Warning: Tropical Corals at Risk from Acidifying Oceans

The French Polynesian island Moorea is the most beautiful isle in the world, some say. Its lagoons are surrounded by reefs dominated by Porites corals.

These corals and other calcifying marine species are the world's primary reef-builders. Therein lies the trouble. The seas in which they dwell are turning acidic, a result of rising atmospheric carbon dioxide (CO2). Marine life that depends on calcium carbonate struggles to form shells or, in the case of coral reefs, skeletons.

Porites reefs, say scientists Peter Edmunds and Robert Carpenter of California State University at Northridge, are among the most sensitive of all corals. Edmunds, Carpenter and Steve Doo of the University of Hawaii published results in the journal Limnology and Oceanography revealing the consequences of ocean acidification.

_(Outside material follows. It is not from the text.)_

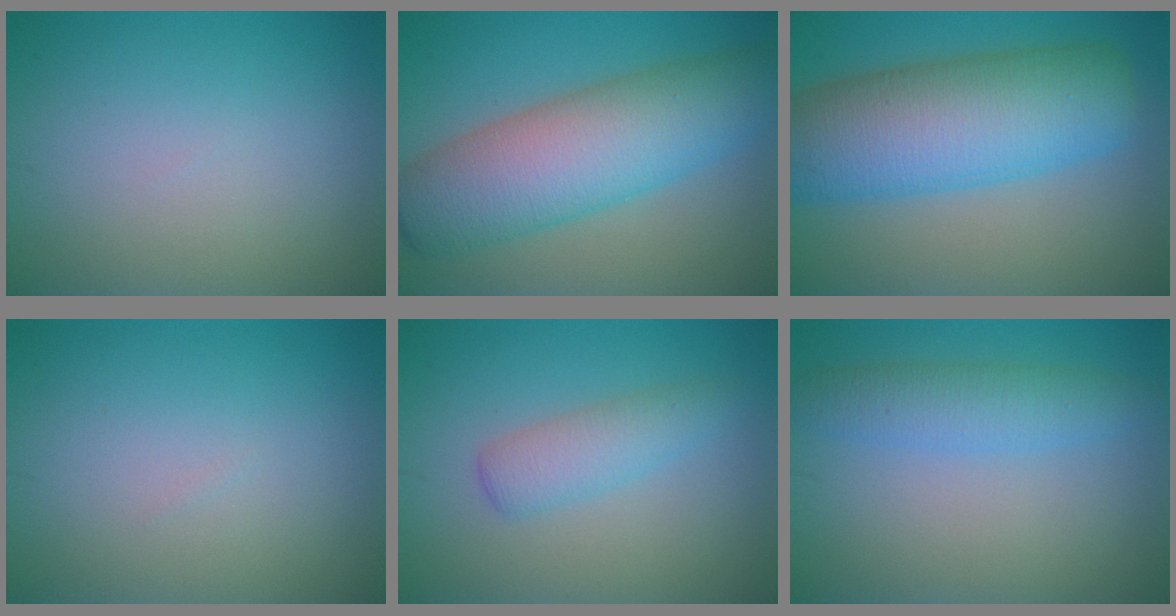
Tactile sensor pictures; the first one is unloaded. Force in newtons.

The reefs may not be able to grow and reproduce.

Edmunds and Carpenter are two of the lead scientists at the U.S. National Science Foundation-supported Moorea Coral Reef Long-Term Ecological Research (LTER) site.

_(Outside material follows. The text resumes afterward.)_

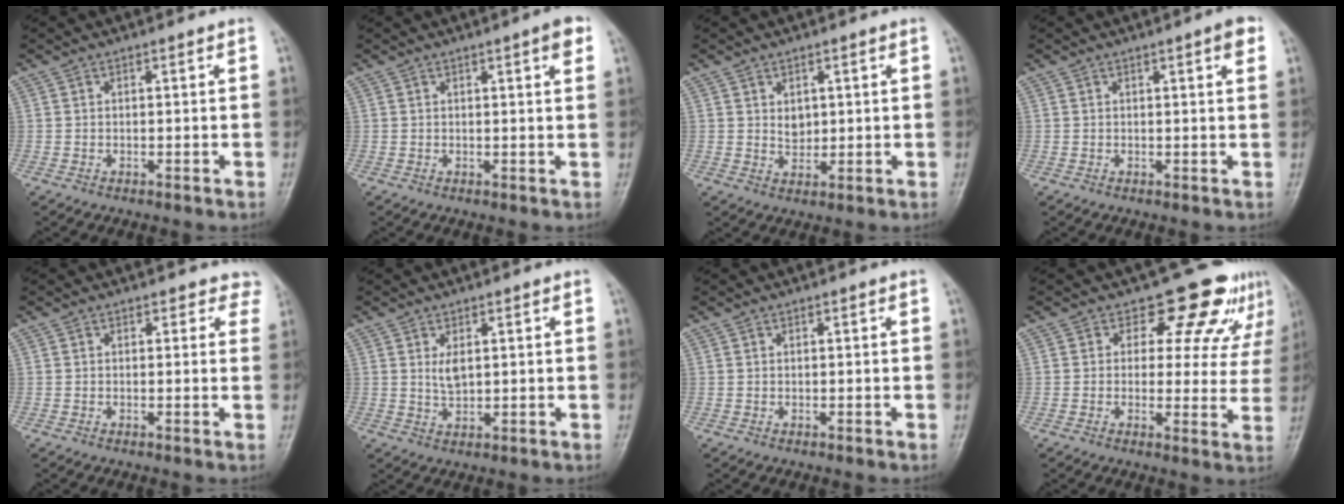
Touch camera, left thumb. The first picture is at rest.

"Unless measures are taken to slow the process of acidification, we are likely to lose these important reefs within a few generations," says Daniel Thornhill, a program director in the NSF Division of Ocean Sciences.

"Our experiments provide little optimism that coral reefs can somehow 'adjust,'" adds Edmunds.

If the trend continues, trouble is dead ahead for coral reefs in Moorea and around the globe.